Overseas jurisdictions

The availability of the New ARRIS Shares in, and the release, publication or distribution of this announcement in or into, jurisdictions other than the United Kingdom may be restricted by law and therefore persons into whose possession this announcement comes who are not resident in the United Kingdom should inform themselves about, and observe any applicable restrictions. Pace Shareholders who are in any doubt regarding such matters should consult an appropriate independent adviser in their relevant jurisdiction without delay. Any failure to comply with such restrictions may constitute a violation of the securities laws of any such jurisdiction.

This announcement does not constitute a prospectus or prospectus equivalent document and has been prepared for the purpose of complying with English law and the Code. The information disclosed may not be the same as that which would have been disclosed if this announcement had been prepared in accordance with the laws and regulations of jurisdictions outside the United Kingdom.

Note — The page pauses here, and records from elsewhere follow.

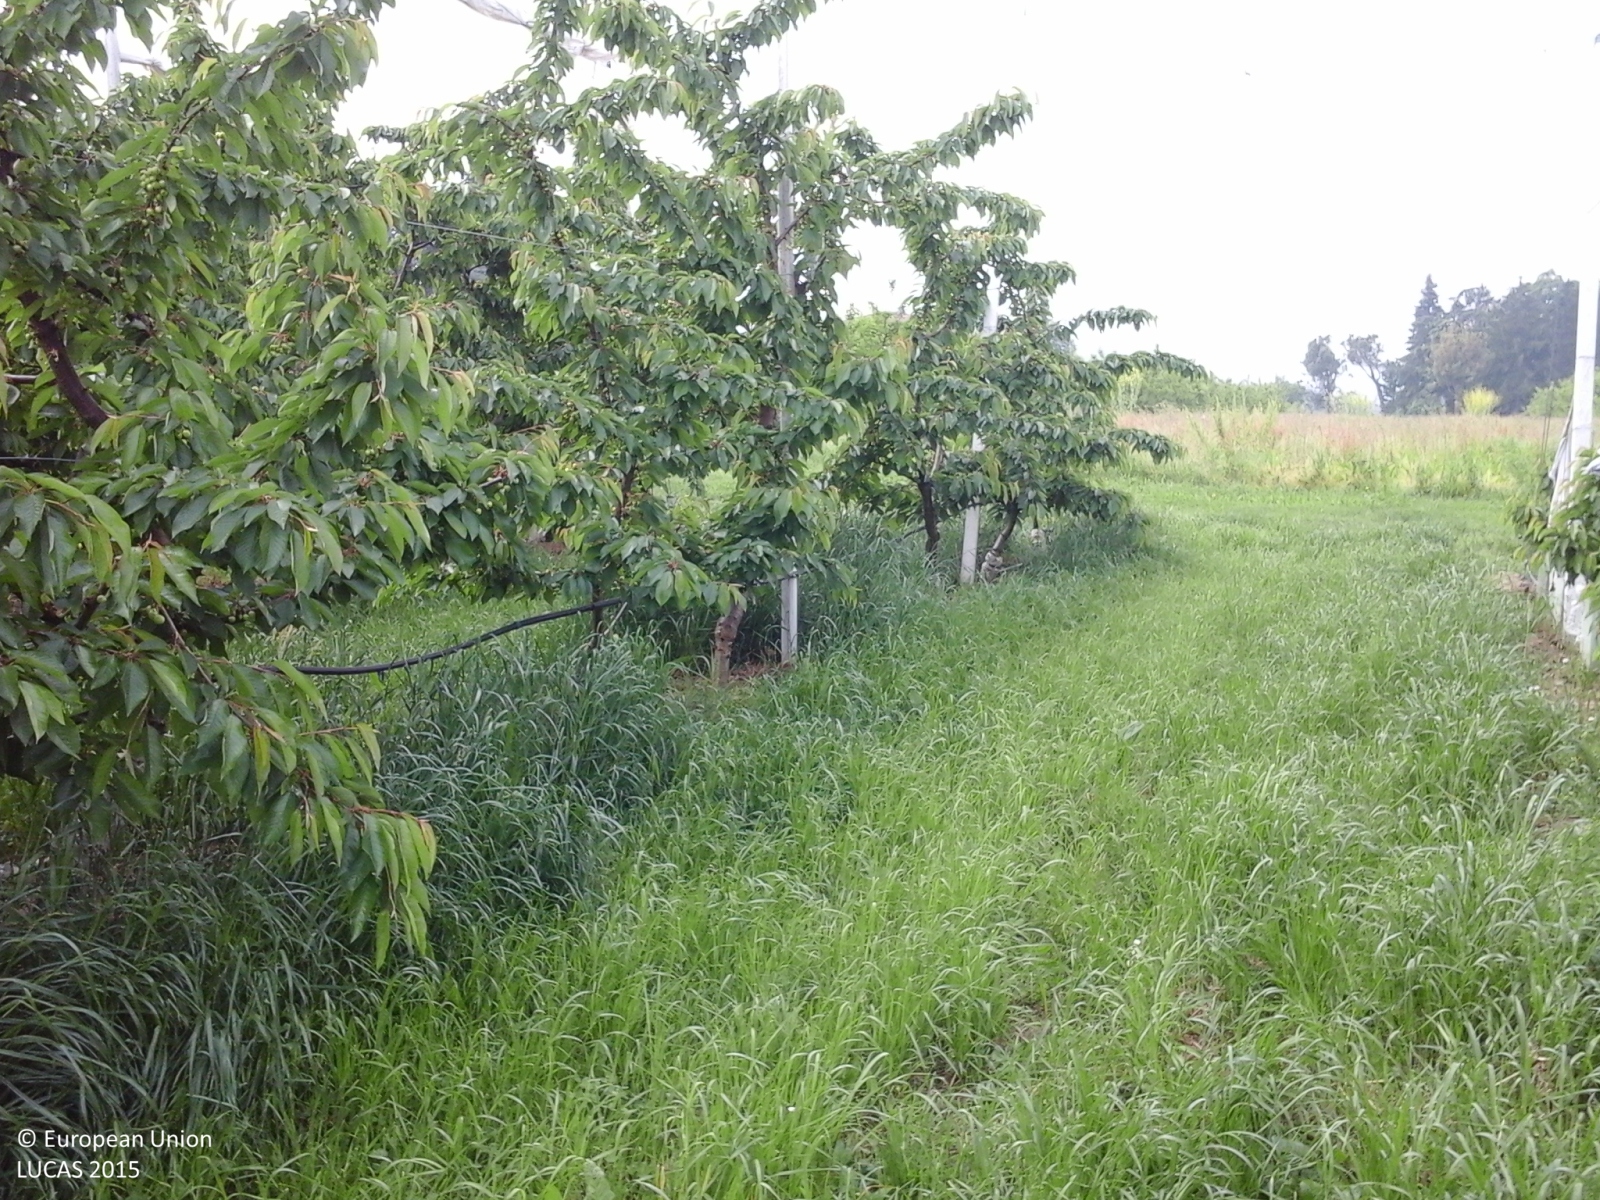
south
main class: Cropland
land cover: Cherry fruit
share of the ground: 50 - 75 %
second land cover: Grassland without tree/shrub cover
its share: > 75 %
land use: Agriculture (excluding fallow land and kitchen gardens)
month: May
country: IT
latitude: 44.4896
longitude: 11.0414
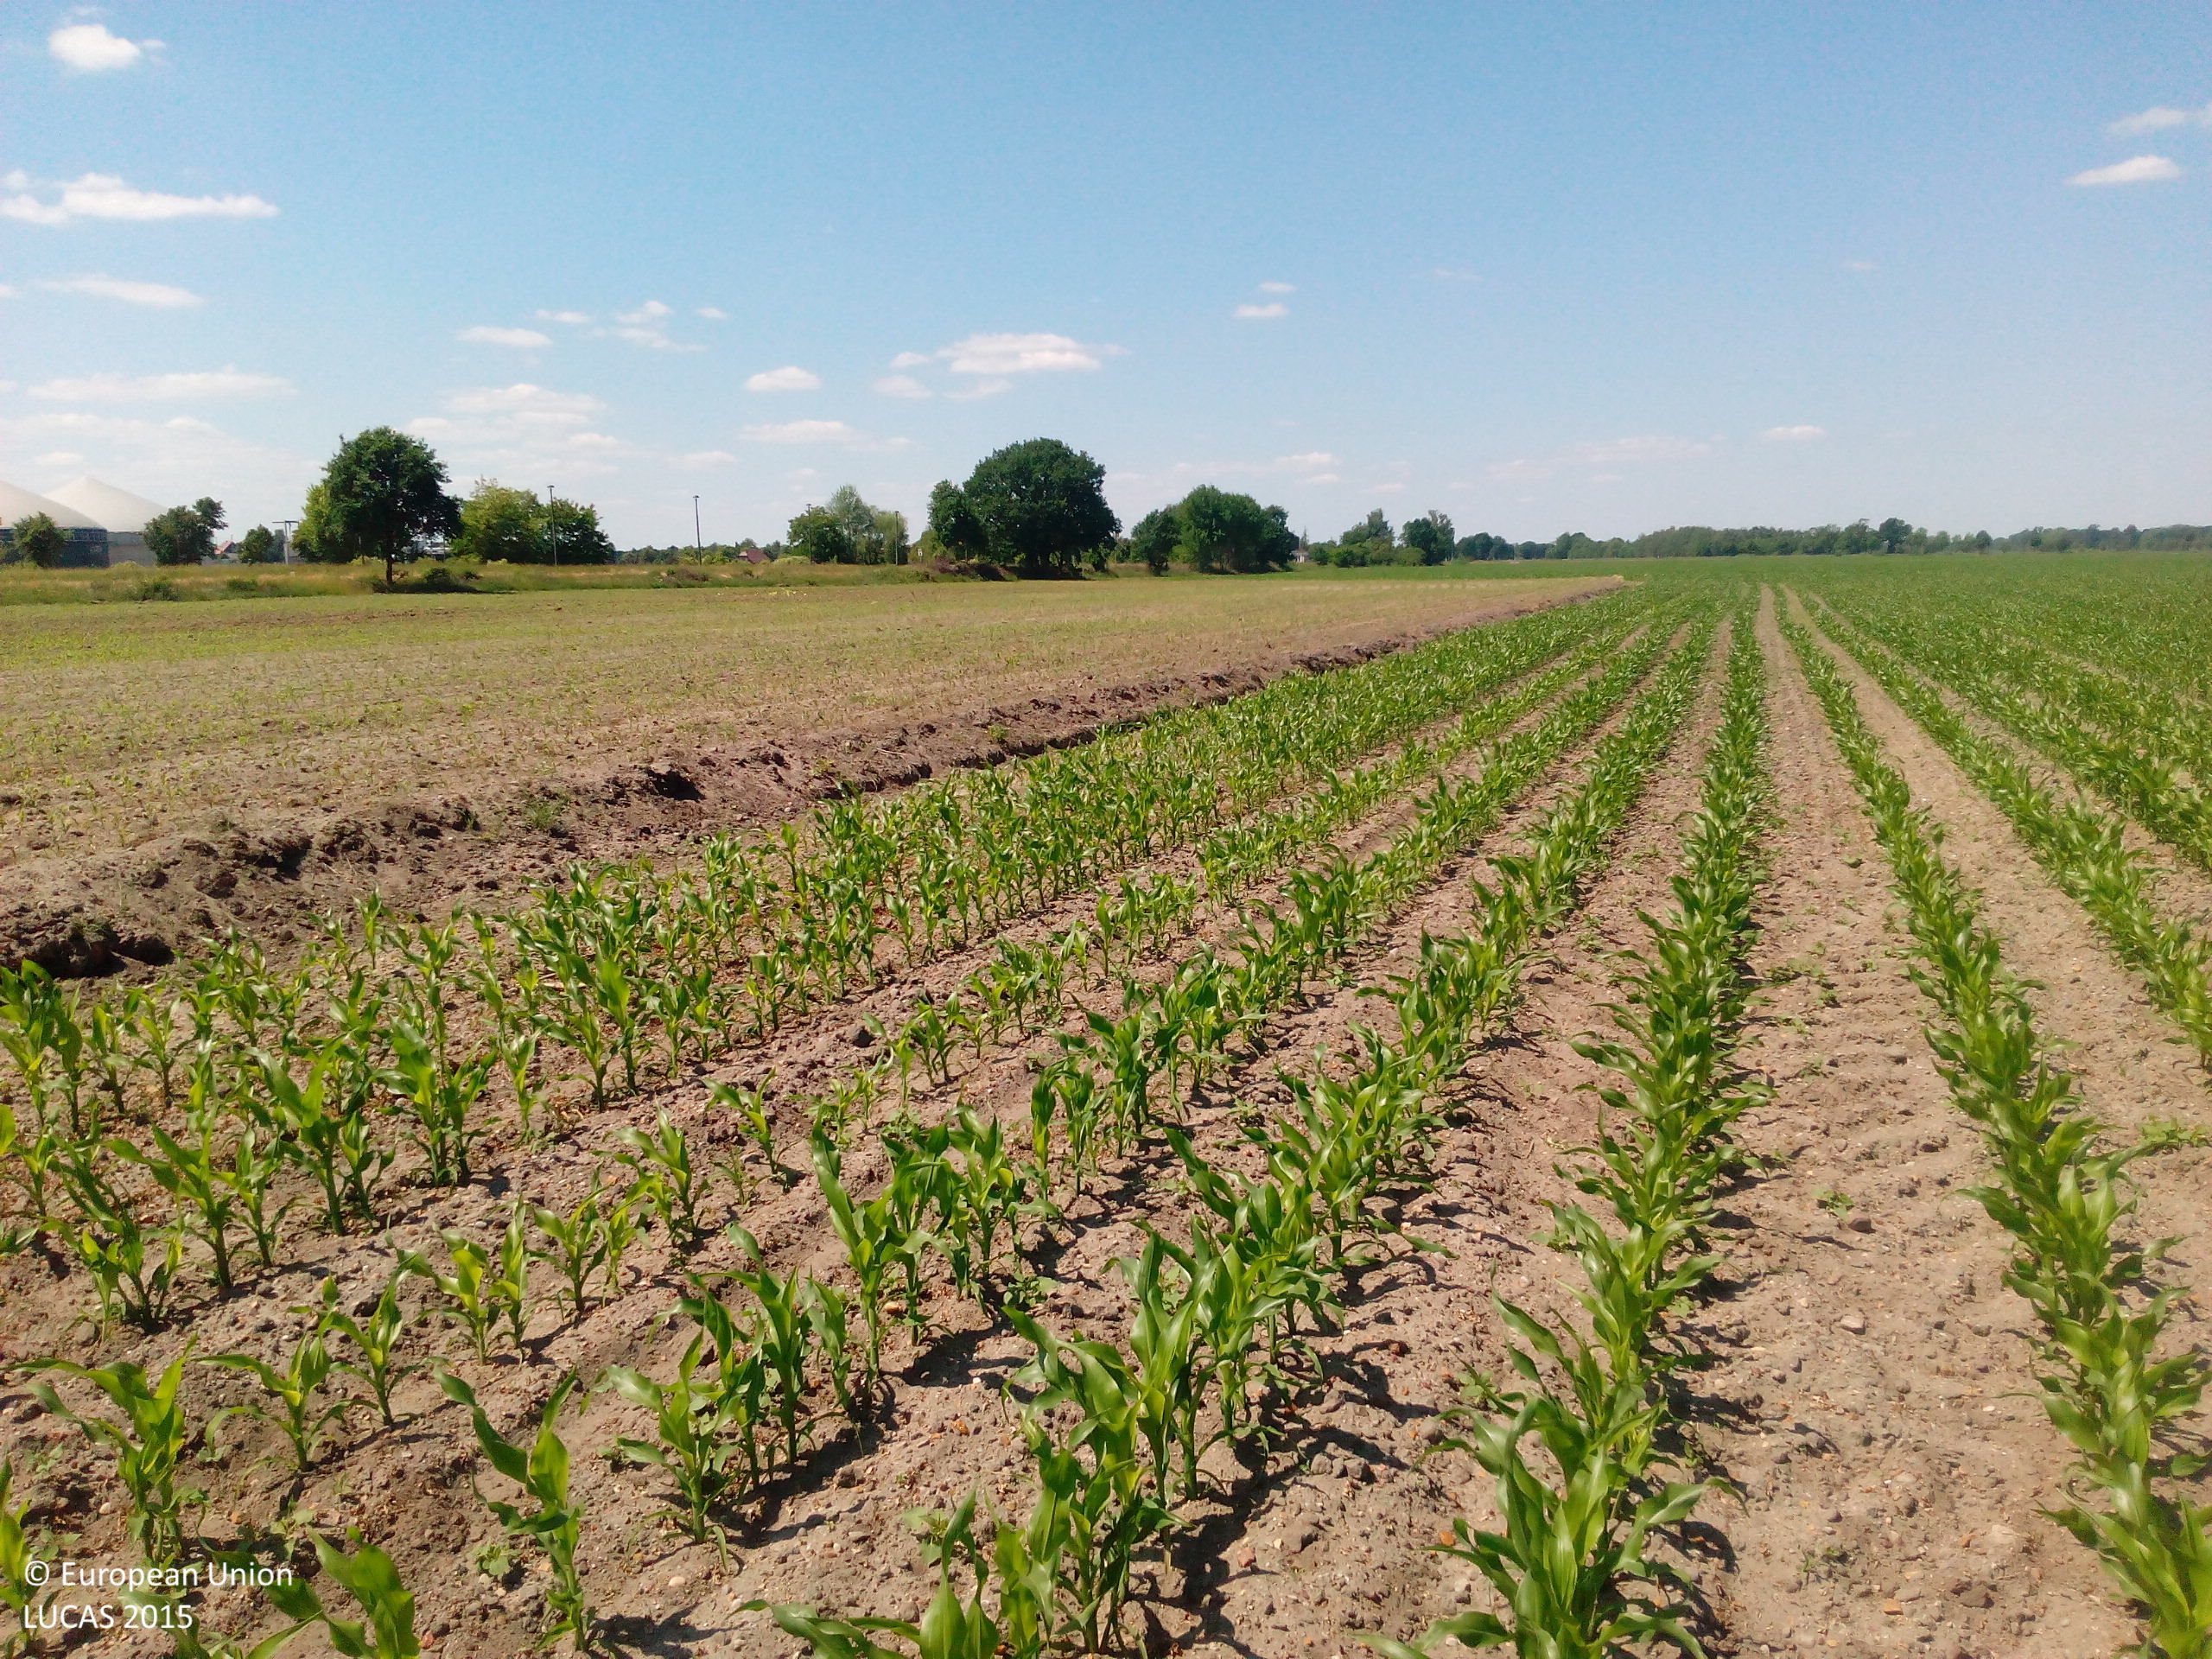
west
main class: Cropland
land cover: Maize
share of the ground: 10 - 25 %
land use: Agriculture (excluding fallow land and kitchen gardens)
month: June
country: DE
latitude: 52.4080
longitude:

Dealing Disclosure requirements

Under Rule 8.3(a) of the Code, any person who is interested in 1 per cent. or more of any class of relevant securities of an offeree company or of any securities exchange offeror (being any offeror other than an offeror in respect of which it has been announced that its offer is, or is likely to be, solely in cash) must make an Opening Position Disclosure following the commencement of the offer period and, if later, following the announcement in which any securities exchange offeror is first identified. An Opening Position Disclosure must contain details of the person's interests and short positions in, and rights to subscribe for, any relevant securities of each of (i) the offeree company and (ii) any securities exchange offeror(s). An Opening Position Disclosure by a person to whom Rule 8.3(a) applies must be made by no later than 3.30 pm (London time (BST)) on the 10th business day following the commencement of the offer period and, if appropriate, by no later than 3.30 pm (London time (BST)) on the 10th business day following the announcement in which any securities exchange offeror is first identified. Relevant persons who deal in the relevant securities of the offeree company or of a securities exchange offeror prior to the deadline for making an Opening Position Disclosure must instead make a Dealing Disclosure.